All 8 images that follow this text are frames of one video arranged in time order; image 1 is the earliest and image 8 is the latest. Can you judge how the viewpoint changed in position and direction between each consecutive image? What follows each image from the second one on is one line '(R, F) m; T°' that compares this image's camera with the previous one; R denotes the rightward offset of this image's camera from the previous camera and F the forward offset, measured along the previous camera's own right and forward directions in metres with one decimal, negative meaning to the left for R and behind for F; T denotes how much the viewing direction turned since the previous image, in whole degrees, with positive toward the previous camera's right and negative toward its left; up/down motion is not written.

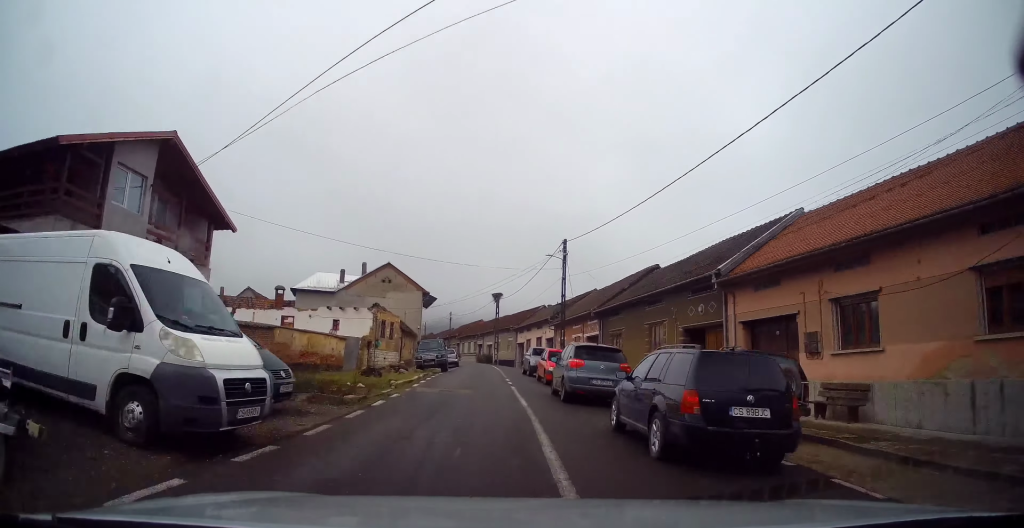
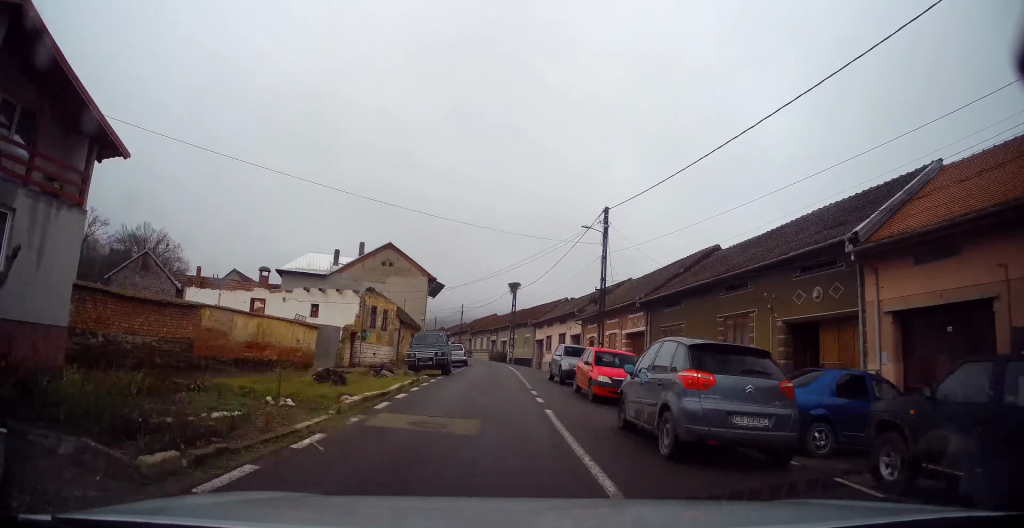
(-0.3, +7.2) m; -1°
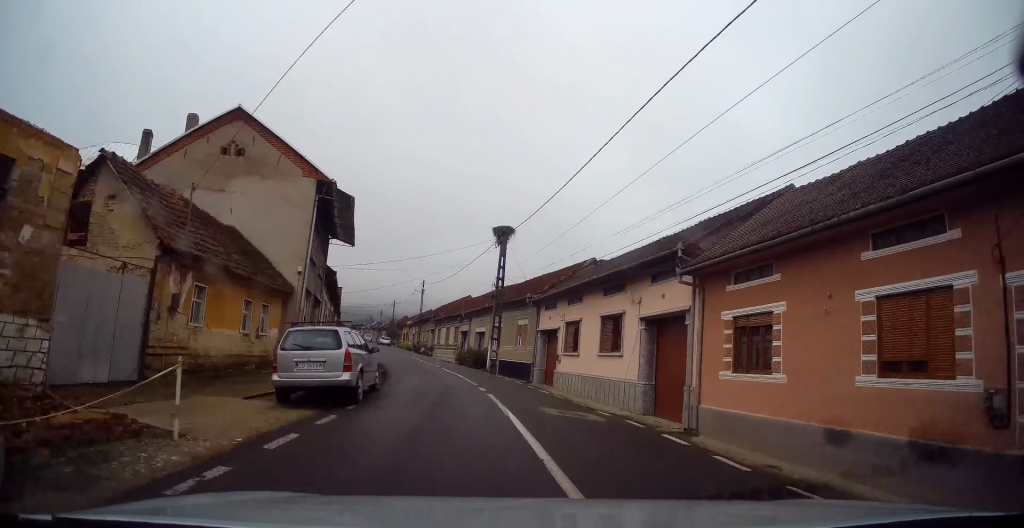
(-0.4, +26.0) m; -1°
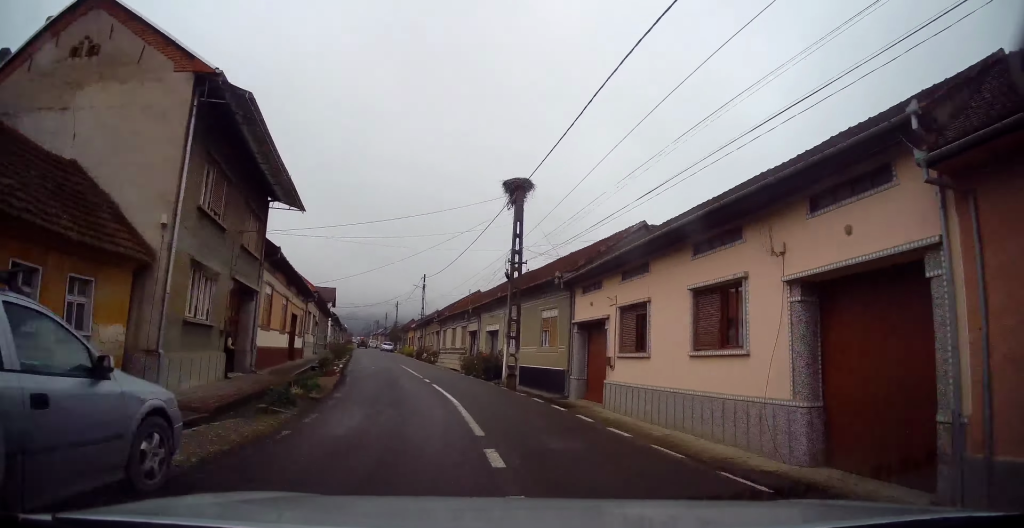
(0.0, +9.1) m; -1°
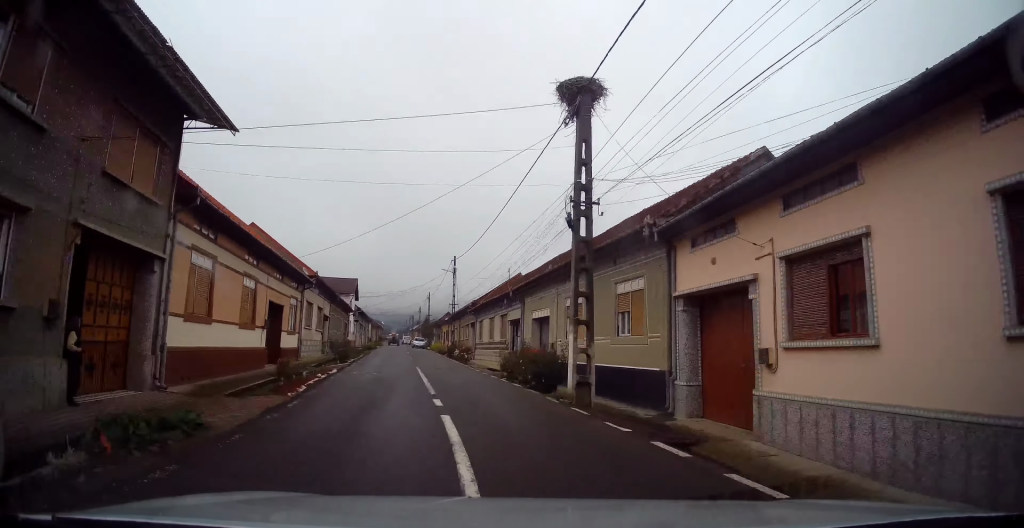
(+0.1, +8.1) m; -3°
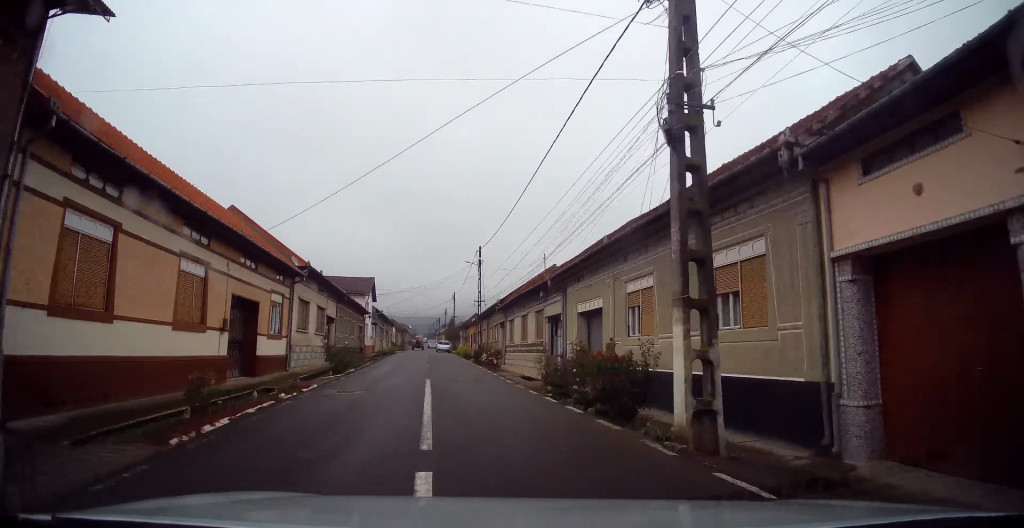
(-0.1, +5.8) m; -3°
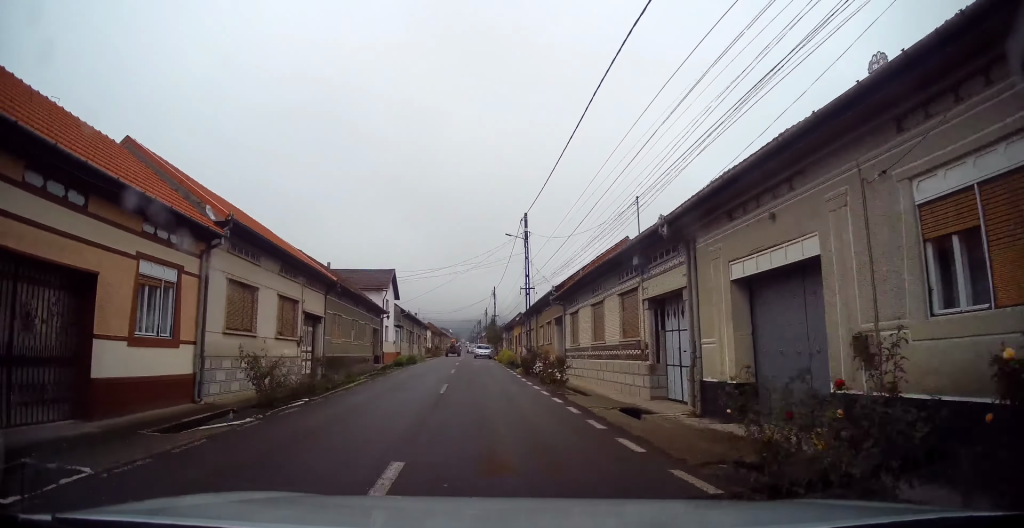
(-0.9, +11.3) m; -5°
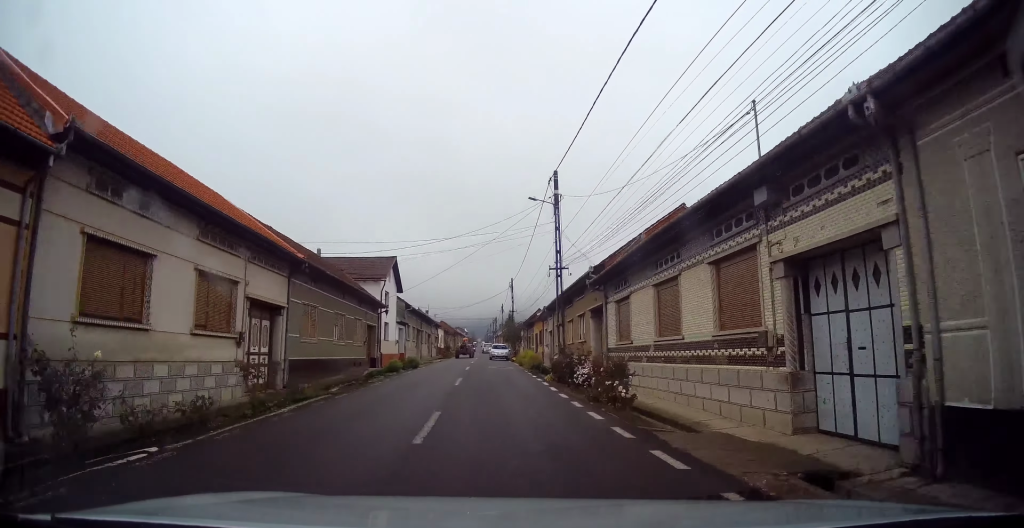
(-0.1, +6.9) m; 0°

TASK ITEM >> Without including any pictures, reproduce the listing exactly.

RESPONSE TO THE TASK >>
All 8 images that follow this text are frames of one video arranged in time order; image 1 is the earliest and image 8 is the latest. Can you judge how the viewpoint changed in position and direction between each consecutive image? What follows each image from the second one on is one line '(R, F) m; T°' that compares this image's camera with the previous one; R denotes the rightward offset of this image's camera from the previous camera and F the forward offset, measured along the previous camera's own right and forward directions in metres with one decimal, negative meaning to the left for R and behind for F; T denotes how much the viewing direction turned since the previous image, in whole degrees, with positive toward the previous camera's right and negative toward its left; up/down motion is not written.

(-0.3, +7.2) m; -1°
(-0.4, +26.0) m; -1°
(0.0, +9.1) m; -1°
(+0.1, +8.1) m; -3°
(-0.1, +5.8) m; -3°
(-0.9, +11.3) m; -5°
(-0.1, +6.9) m; 0°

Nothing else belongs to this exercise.